*** Information supplied Section Begins ***
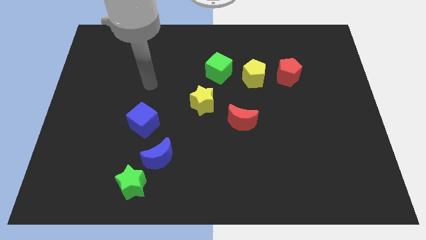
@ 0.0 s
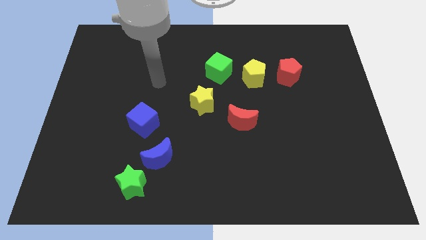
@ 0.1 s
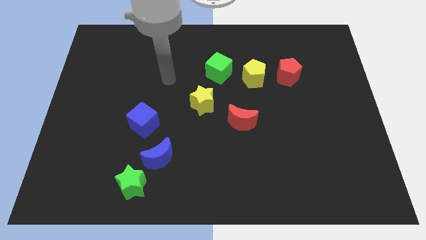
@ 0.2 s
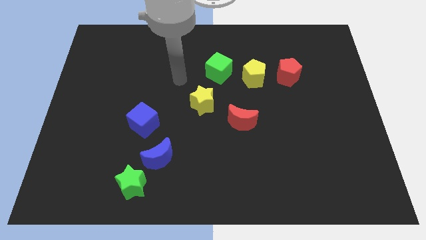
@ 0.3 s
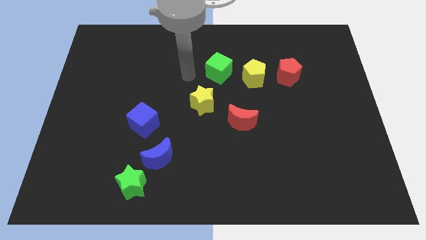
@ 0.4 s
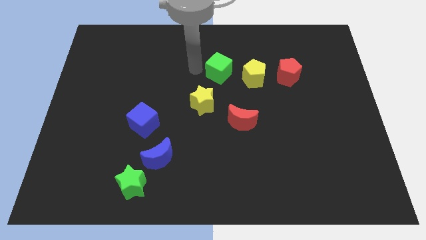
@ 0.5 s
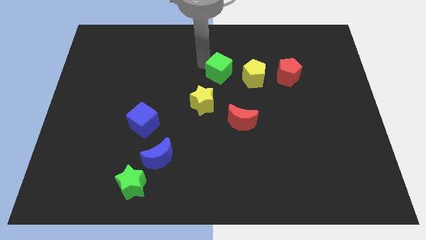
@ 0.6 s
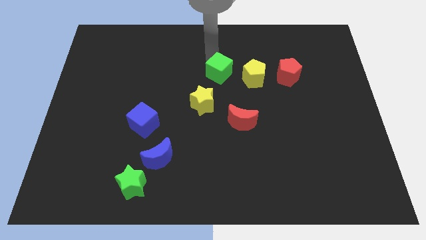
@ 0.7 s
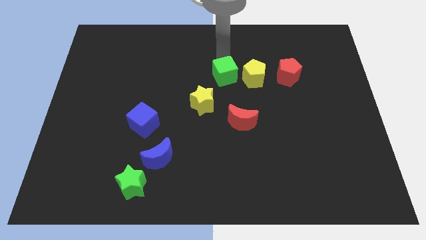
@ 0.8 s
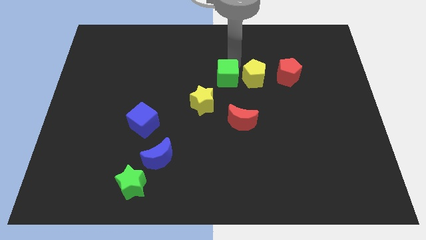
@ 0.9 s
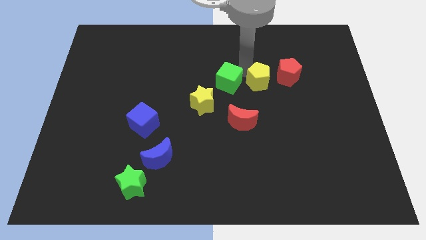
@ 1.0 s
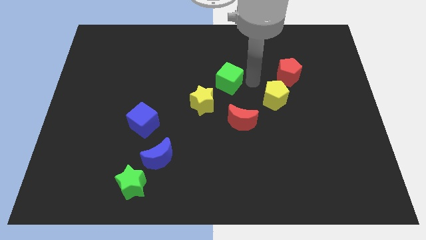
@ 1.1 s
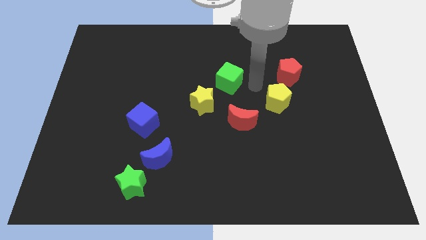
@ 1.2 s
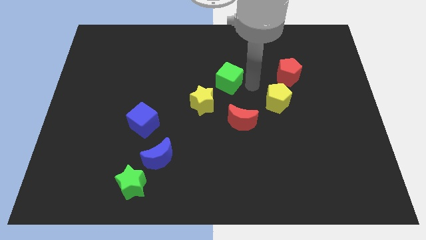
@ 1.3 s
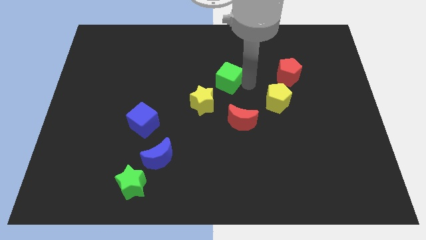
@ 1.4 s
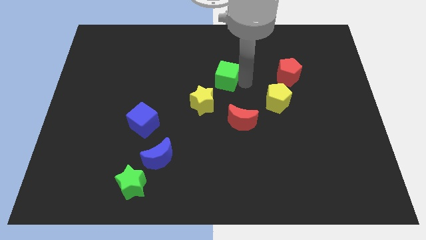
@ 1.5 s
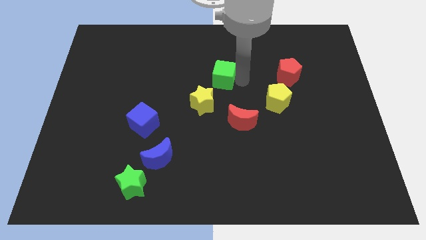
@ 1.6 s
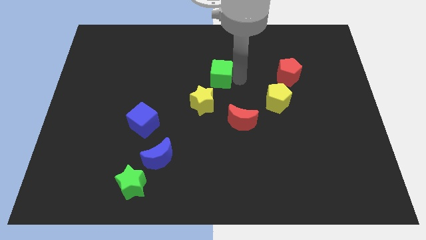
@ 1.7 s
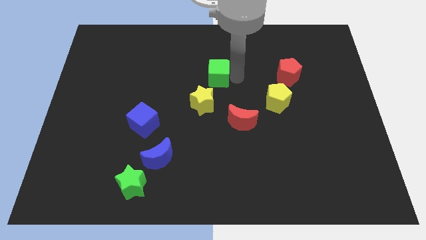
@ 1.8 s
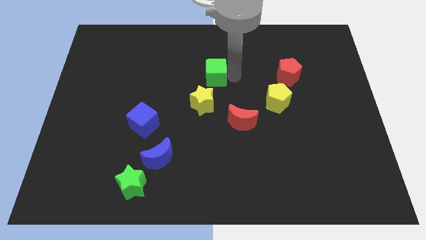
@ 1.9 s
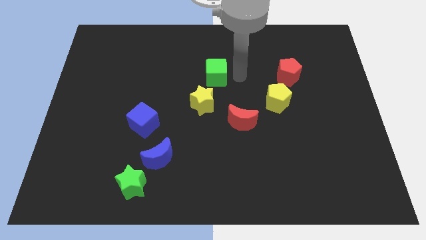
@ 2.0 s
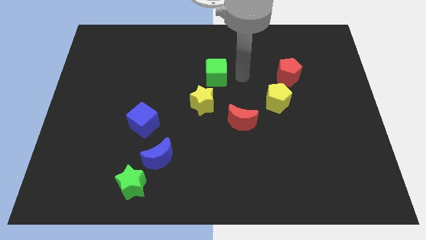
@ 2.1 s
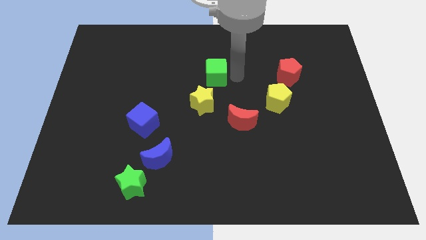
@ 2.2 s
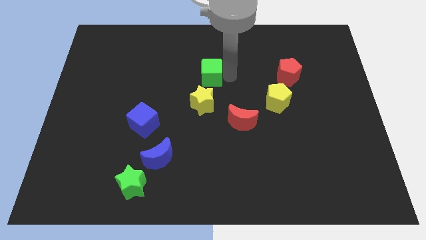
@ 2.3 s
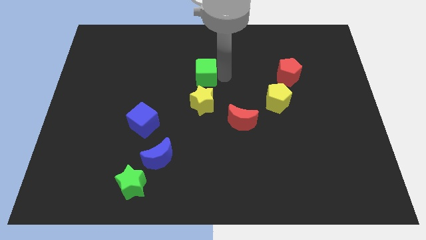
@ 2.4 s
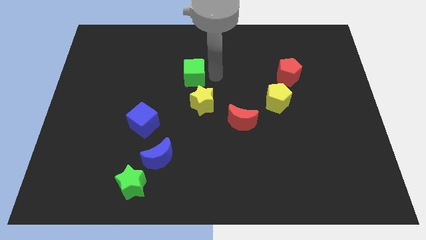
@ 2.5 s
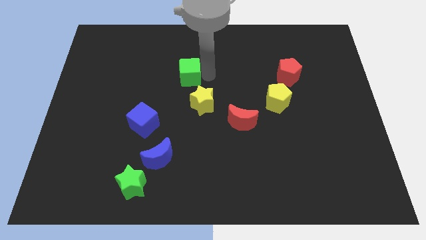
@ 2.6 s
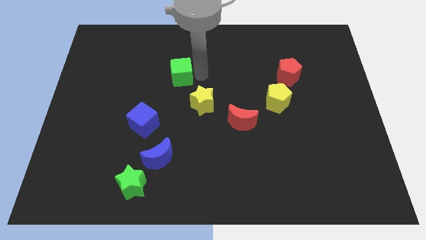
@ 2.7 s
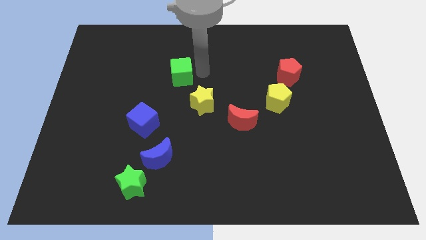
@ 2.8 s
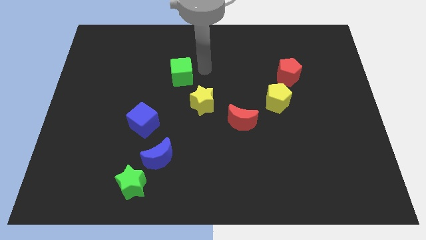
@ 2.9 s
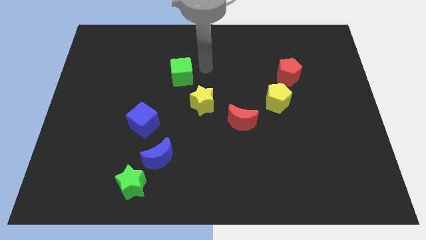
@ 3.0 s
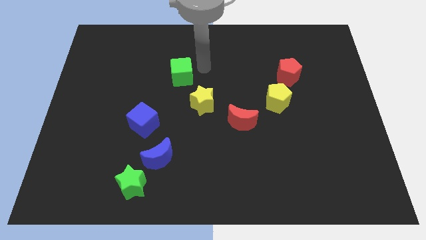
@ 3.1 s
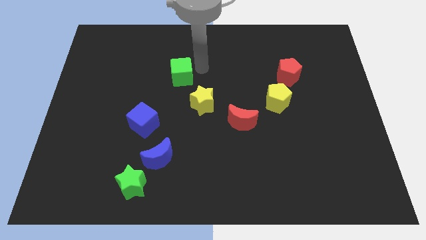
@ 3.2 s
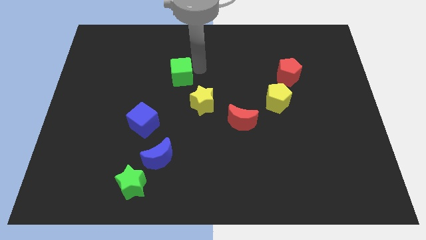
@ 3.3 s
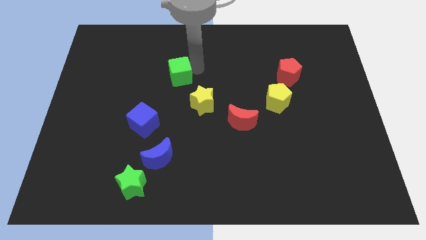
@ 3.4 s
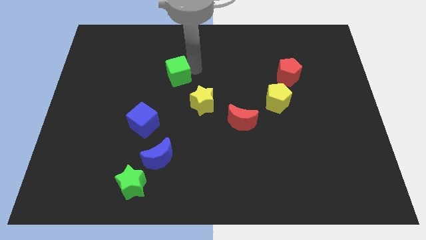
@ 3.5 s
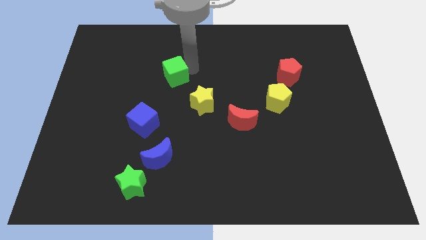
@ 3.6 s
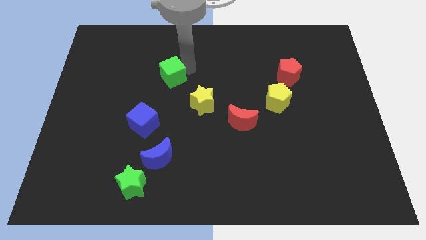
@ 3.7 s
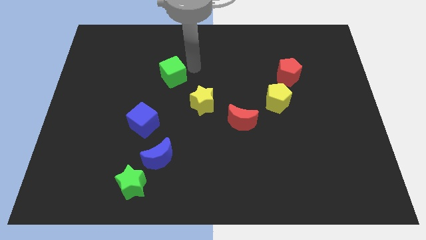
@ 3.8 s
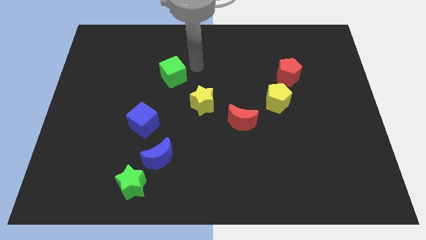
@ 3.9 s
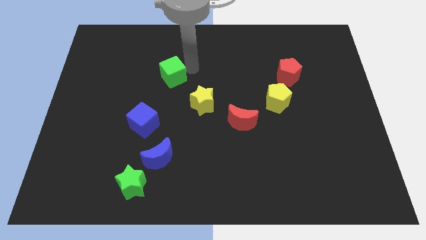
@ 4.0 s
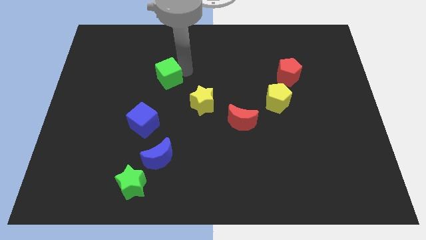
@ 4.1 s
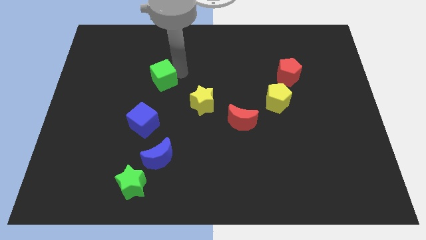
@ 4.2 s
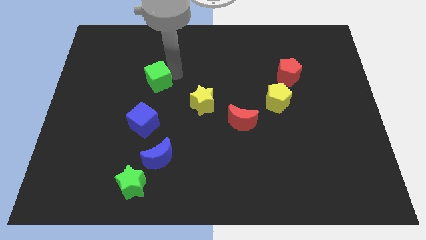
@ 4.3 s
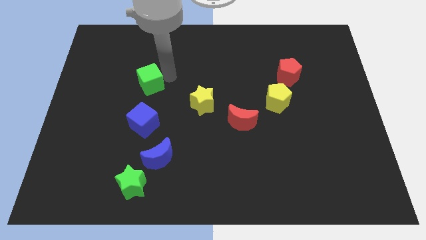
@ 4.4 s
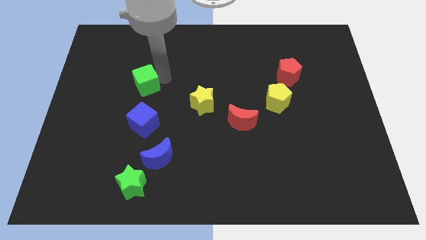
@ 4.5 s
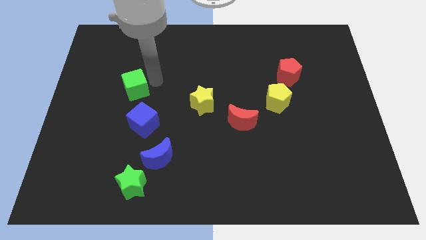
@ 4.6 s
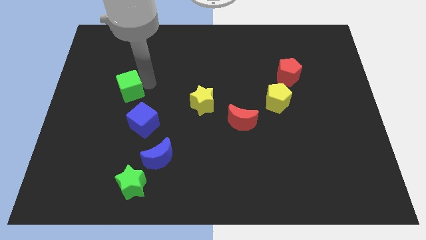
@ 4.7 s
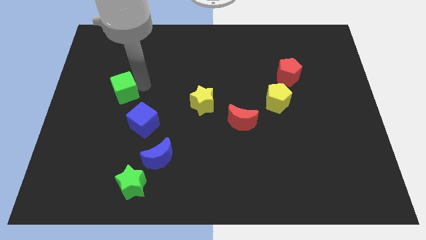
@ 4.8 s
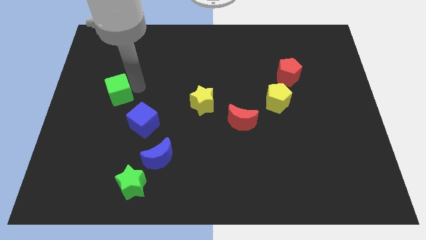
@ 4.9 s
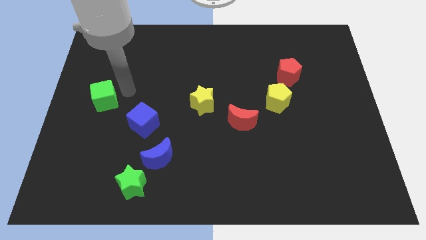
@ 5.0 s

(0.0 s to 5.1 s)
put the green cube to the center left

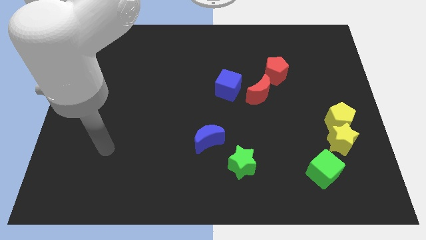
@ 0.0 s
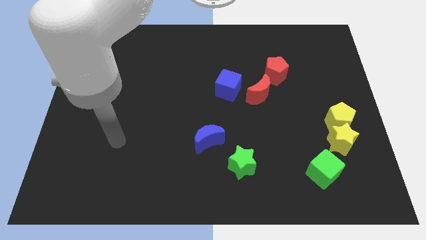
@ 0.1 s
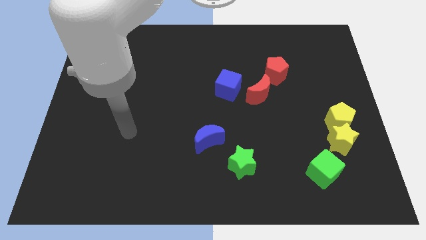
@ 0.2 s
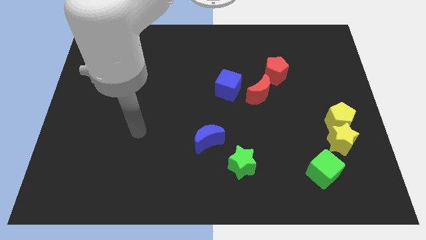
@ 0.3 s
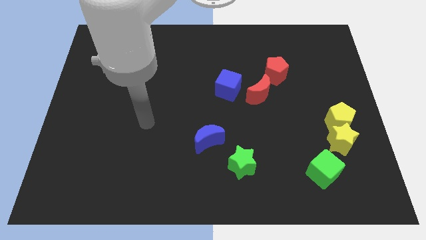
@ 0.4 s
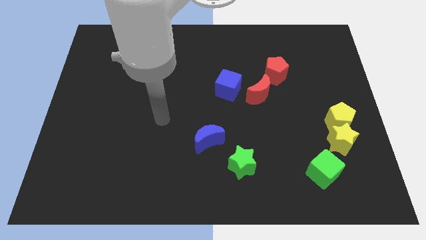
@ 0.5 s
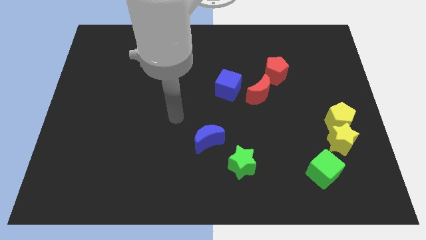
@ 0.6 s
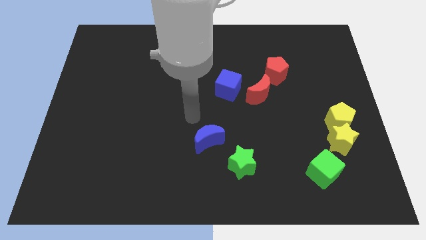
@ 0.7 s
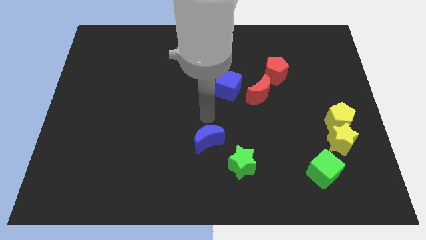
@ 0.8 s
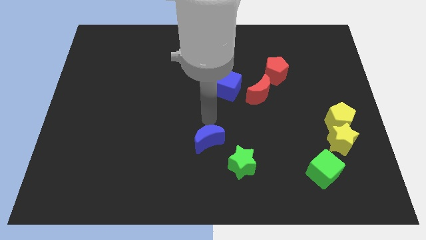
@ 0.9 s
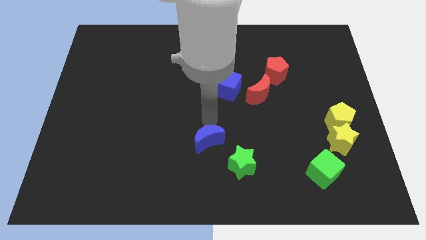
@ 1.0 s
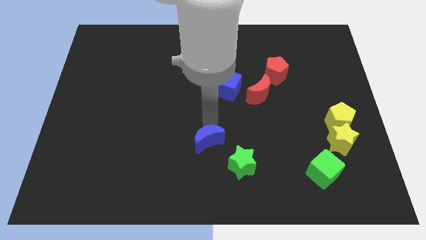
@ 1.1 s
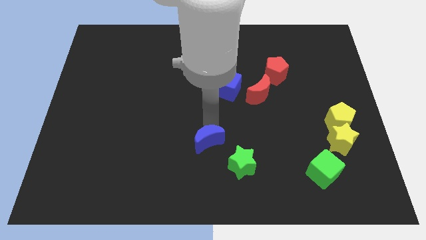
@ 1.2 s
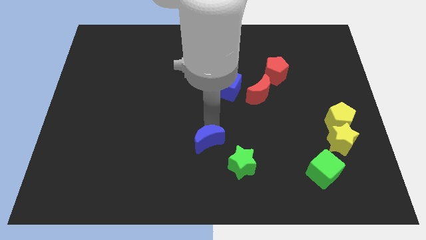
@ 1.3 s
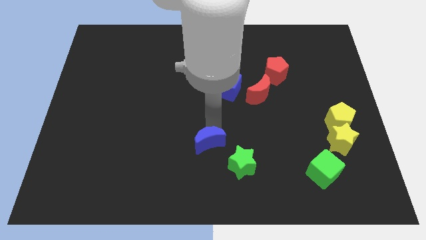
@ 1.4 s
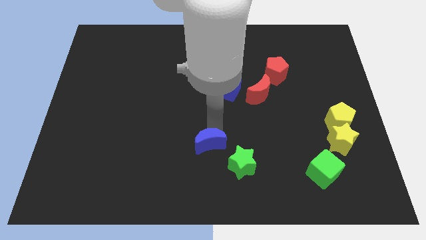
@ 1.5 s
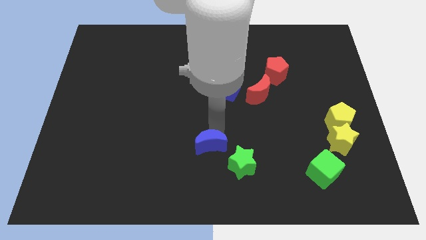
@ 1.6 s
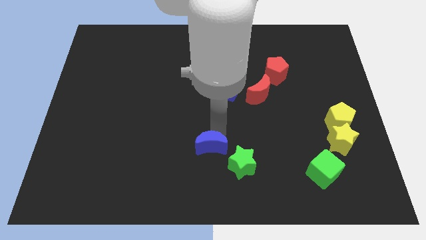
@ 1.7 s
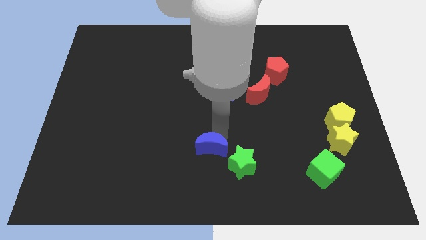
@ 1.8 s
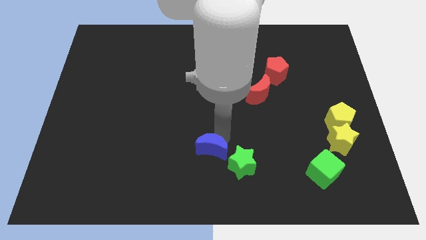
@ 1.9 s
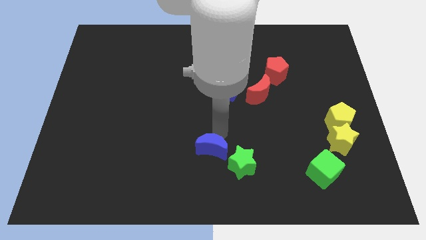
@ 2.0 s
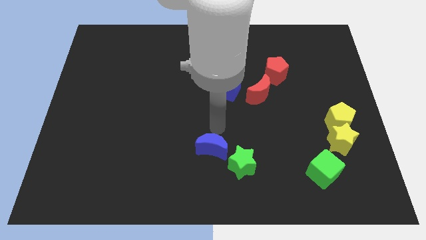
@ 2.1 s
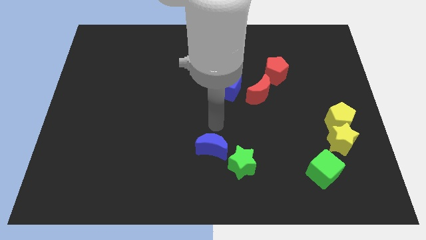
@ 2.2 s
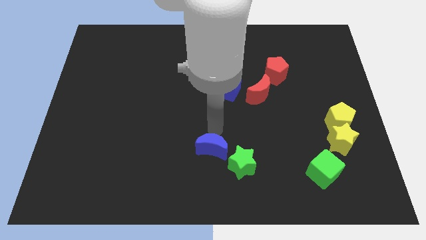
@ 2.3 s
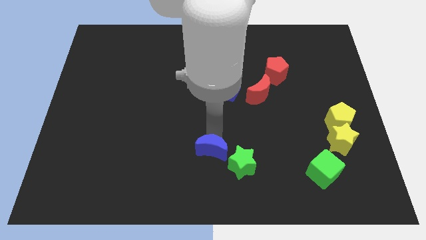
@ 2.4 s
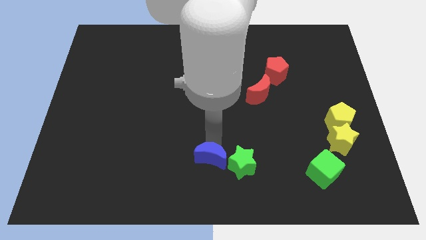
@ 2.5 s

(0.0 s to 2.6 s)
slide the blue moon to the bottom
*** Information supplied Section Ends ***
Images are to be left out when the records above are written out again exactly.

@ 0.0 s
@ 0.1 s
@ 0.2 s
@ 0.3 s
@ 0.4 s
@ 0.5 s
@ 0.6 s
@ 0.7 s
@ 0.8 s
@ 0.9 s
@ 1.0 s
@ 1.1 s
@ 1.2 s
@ 1.3 s
@ 1.4 s
@ 1.5 s
@ 1.6 s
@ 1.7 s
@ 1.8 s
@ 1.9 s
@ 2.0 s
@ 2.1 s
@ 2.2 s
@ 2.3 s
@ 2.4 s
@ 2.5 s
@ 2.6 s
@ 2.7 s
@ 2.8 s
@ 2.9 s
@ 3.0 s
@ 3.1 s
@ 3.2 s
@ 3.3 s
@ 3.4 s
@ 3.5 s
@ 3.6 s
@ 3.7 s
@ 3.8 s
@ 3.9 s
@ 4.0 s
@ 4.1 s
@ 4.2 s
@ 4.3 s
@ 4.4 s
@ 4.5 s
@ 4.6 s
@ 4.7 s
@ 4.8 s
@ 4.9 s
@ 5.0 s

(0.0 s to 5.1 s)
put the green cube to the center left

@ 0.0 s
@ 0.1 s
@ 0.2 s
@ 0.3 s
@ 0.4 s
@ 0.5 s
@ 0.6 s
@ 0.7 s
@ 0.8 s
@ 0.9 s
@ 1.0 s
@ 1.1 s
@ 1.2 s
@ 1.3 s
@ 1.4 s
@ 1.5 s
@ 1.6 s
@ 1.7 s
@ 1.8 s
@ 1.9 s
@ 2.0 s
@ 2.1 s
@ 2.2 s
@ 2.3 s
@ 2.4 s
@ 2.5 s

(0.0 s to 2.6 s)
slide the blue moon to the bottom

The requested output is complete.